→ **Your goal**: In your output, repeat each entry exactly and include no pictures.

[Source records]
○ ○ ○ ○ ○ ○ ○
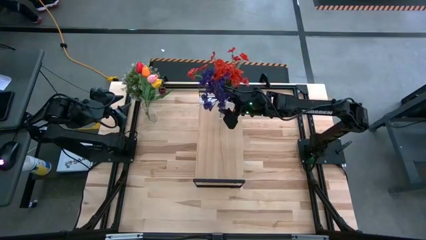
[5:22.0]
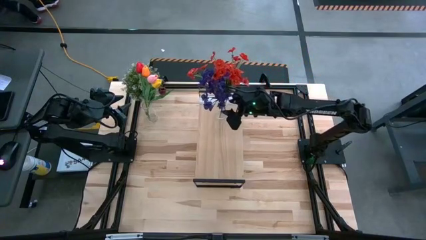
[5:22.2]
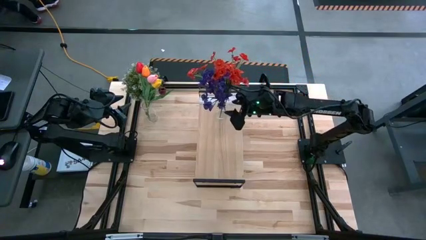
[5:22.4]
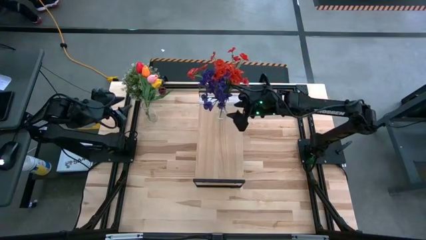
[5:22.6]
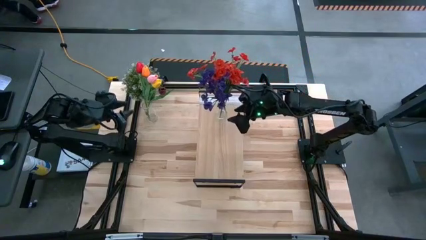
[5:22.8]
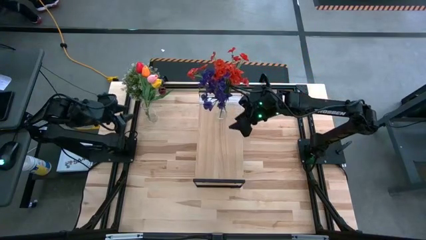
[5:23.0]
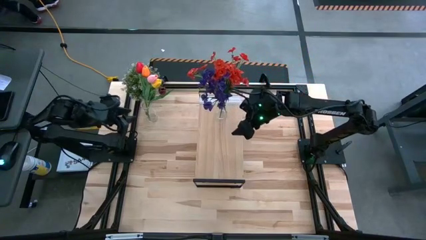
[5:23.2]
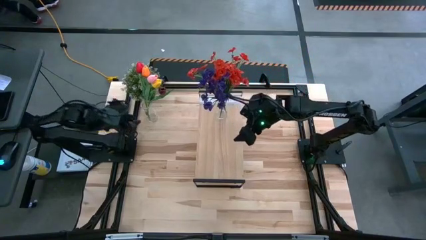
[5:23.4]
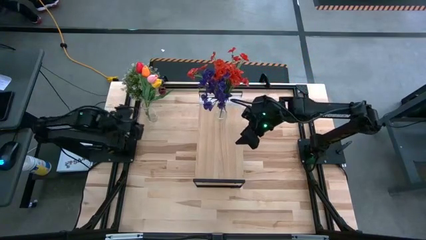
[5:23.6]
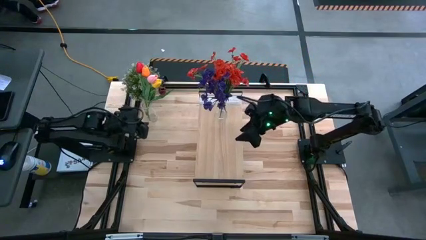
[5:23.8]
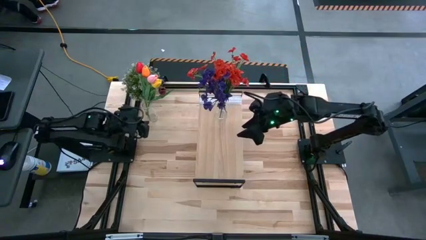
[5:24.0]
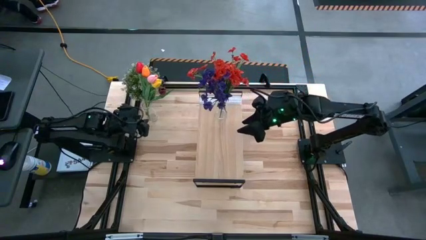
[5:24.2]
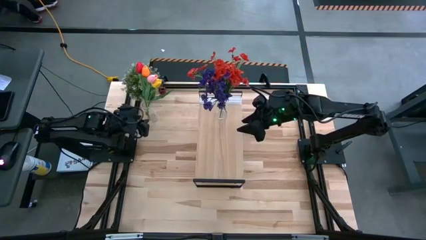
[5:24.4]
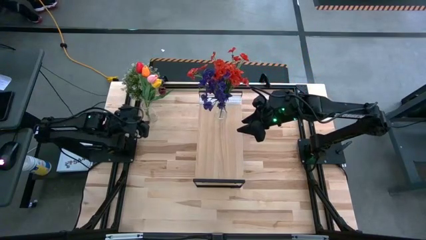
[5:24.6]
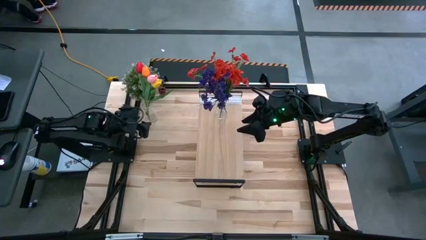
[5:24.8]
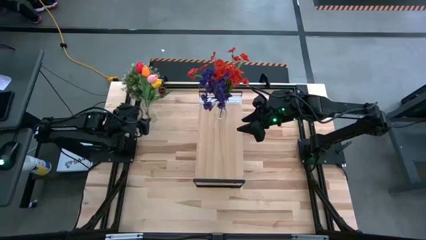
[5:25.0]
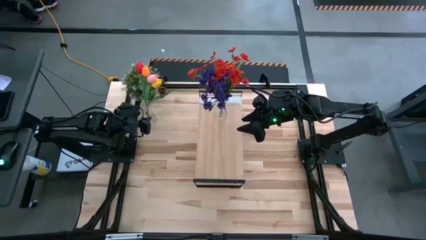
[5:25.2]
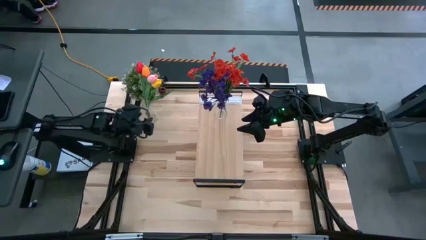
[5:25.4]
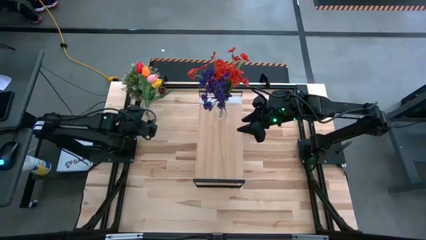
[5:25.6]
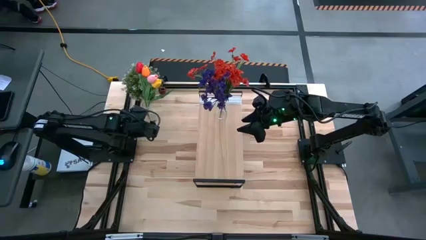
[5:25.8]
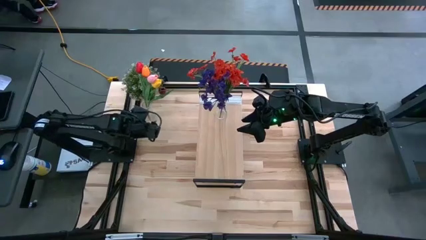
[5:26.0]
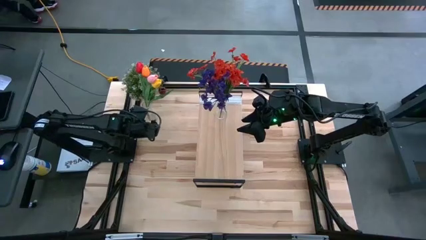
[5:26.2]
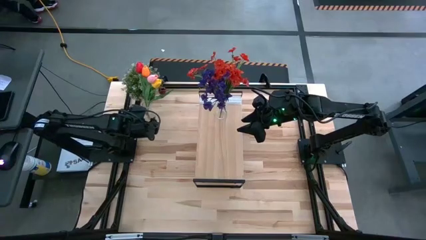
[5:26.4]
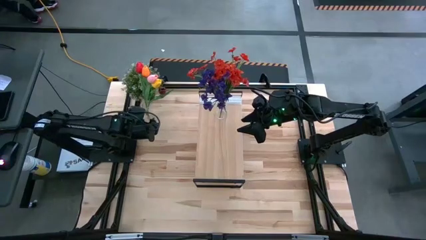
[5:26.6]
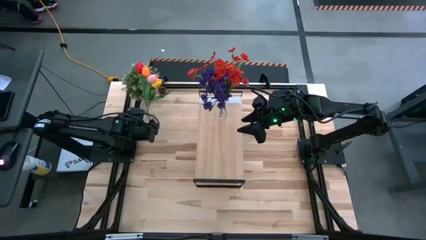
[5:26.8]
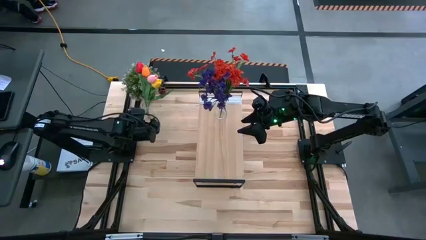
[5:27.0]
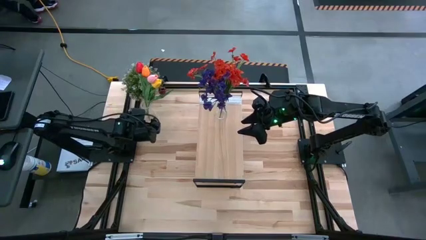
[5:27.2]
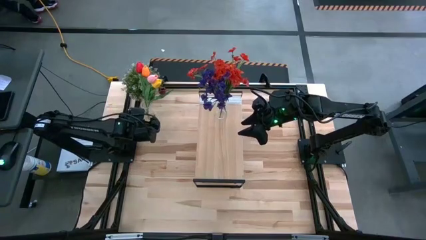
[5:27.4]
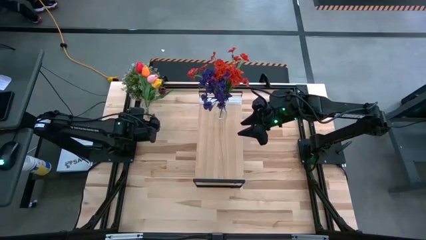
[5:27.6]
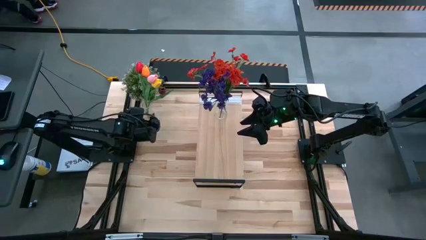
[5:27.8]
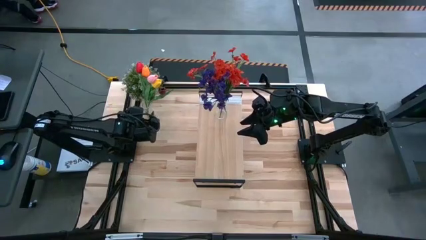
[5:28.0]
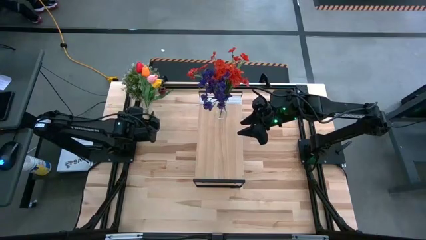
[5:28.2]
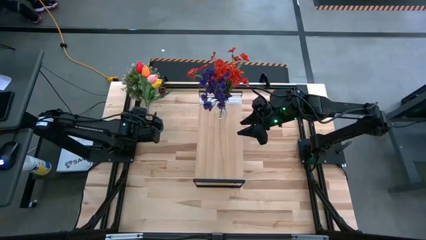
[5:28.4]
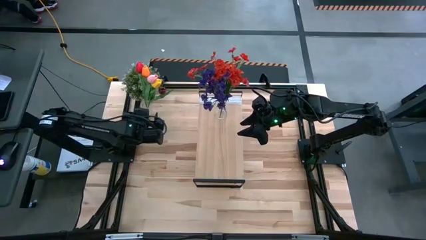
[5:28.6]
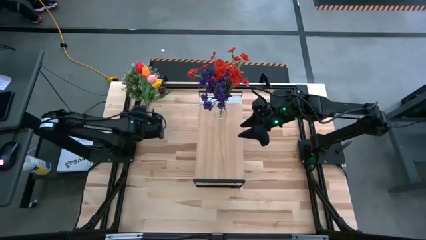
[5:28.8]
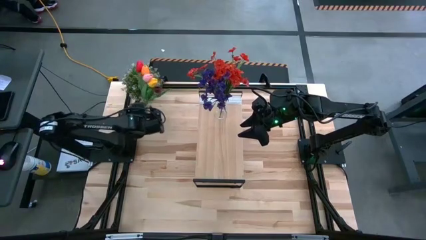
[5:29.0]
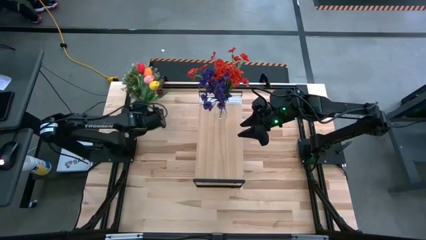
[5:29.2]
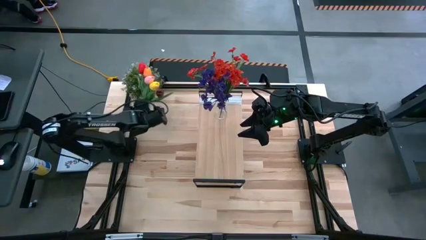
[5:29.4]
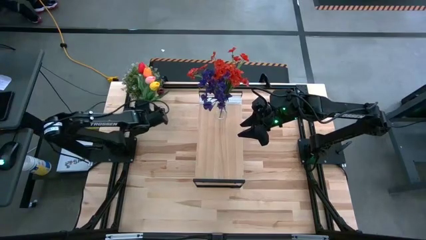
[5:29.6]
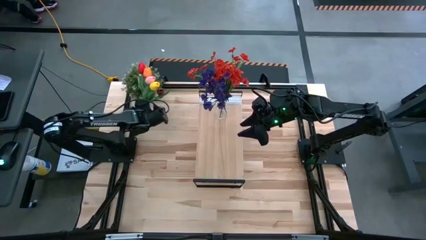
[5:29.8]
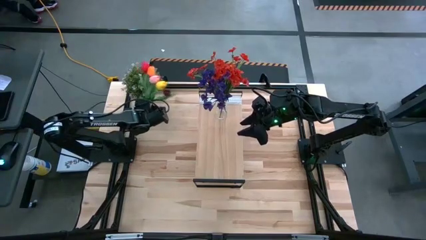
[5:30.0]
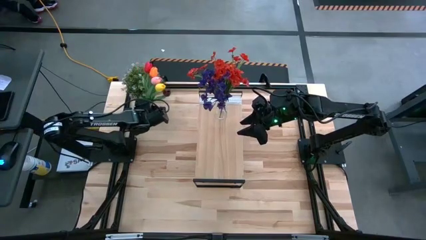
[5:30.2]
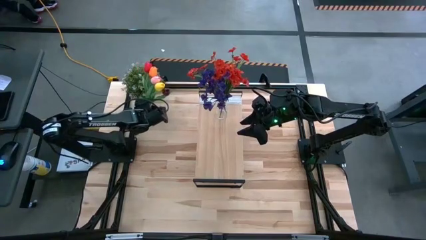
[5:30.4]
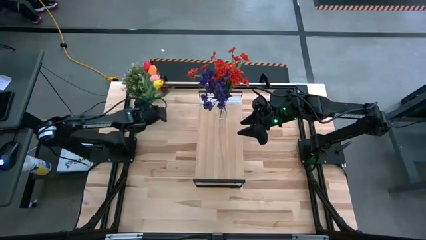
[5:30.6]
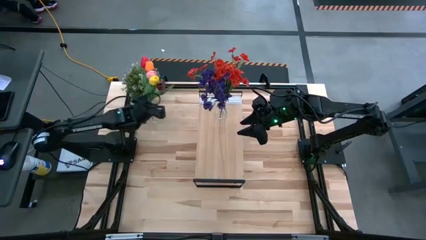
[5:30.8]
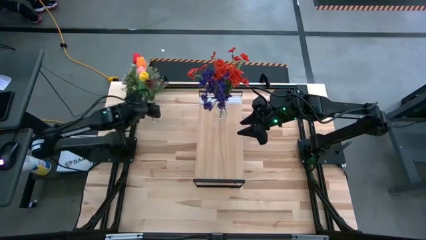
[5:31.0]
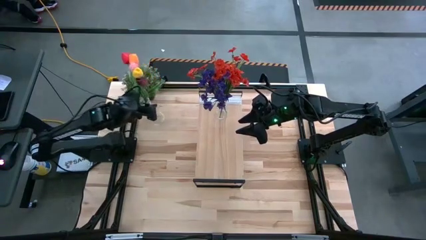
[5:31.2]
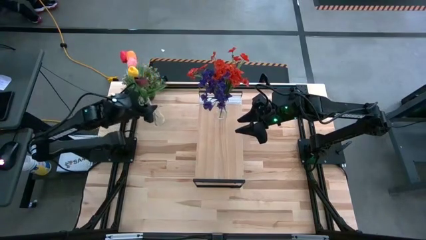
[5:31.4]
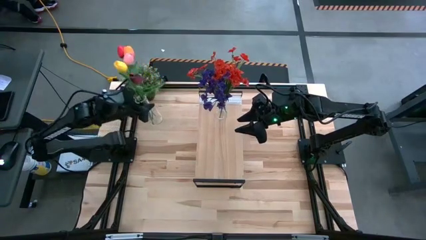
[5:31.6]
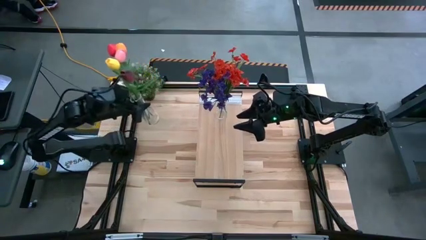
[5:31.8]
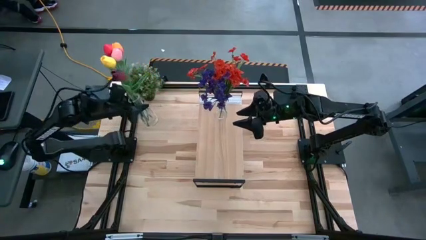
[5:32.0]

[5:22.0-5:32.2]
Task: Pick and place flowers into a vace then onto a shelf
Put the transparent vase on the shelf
○ ○ ○ ○ ○ ○ ○
→ **Written response**:
[5:22.0]
[5:22.2]
[5:22.4]
[5:22.6]
[5:22.8]
[5:23.0]
[5:23.2]
[5:23.4]
[5:23.6]
[5:23.8]
[5:24.0]
[5:24.2]
[5:24.4]
[5:24.6]
[5:24.8]
[5:25.0]
[5:25.2]
[5:25.4]
[5:25.6]
[5:25.8]
[5:26.0]
[5:26.2]
[5:26.4]
[5:26.6]
[5:26.8]
[5:27.0]
[5:27.2]
[5:27.4]
[5:27.6]
[5:27.8]
[5:28.0]
[5:28.2]
[5:28.4]
[5:28.6]
[5:28.8]
[5:29.0]
[5:29.2]
[5:29.4]
[5:29.6]
[5:29.8]
[5:30.0]
[5:30.2]
[5:30.4]
[5:30.6]
[5:30.8]
[5:31.0]
[5:31.2]
[5:31.4]
[5:31.6]
[5:31.8]
[5:32.0]

[5:22.0-5:32.2]
Task: Pick and place flowers into a vace then onto a shelf
Put the transparent vase on the shelf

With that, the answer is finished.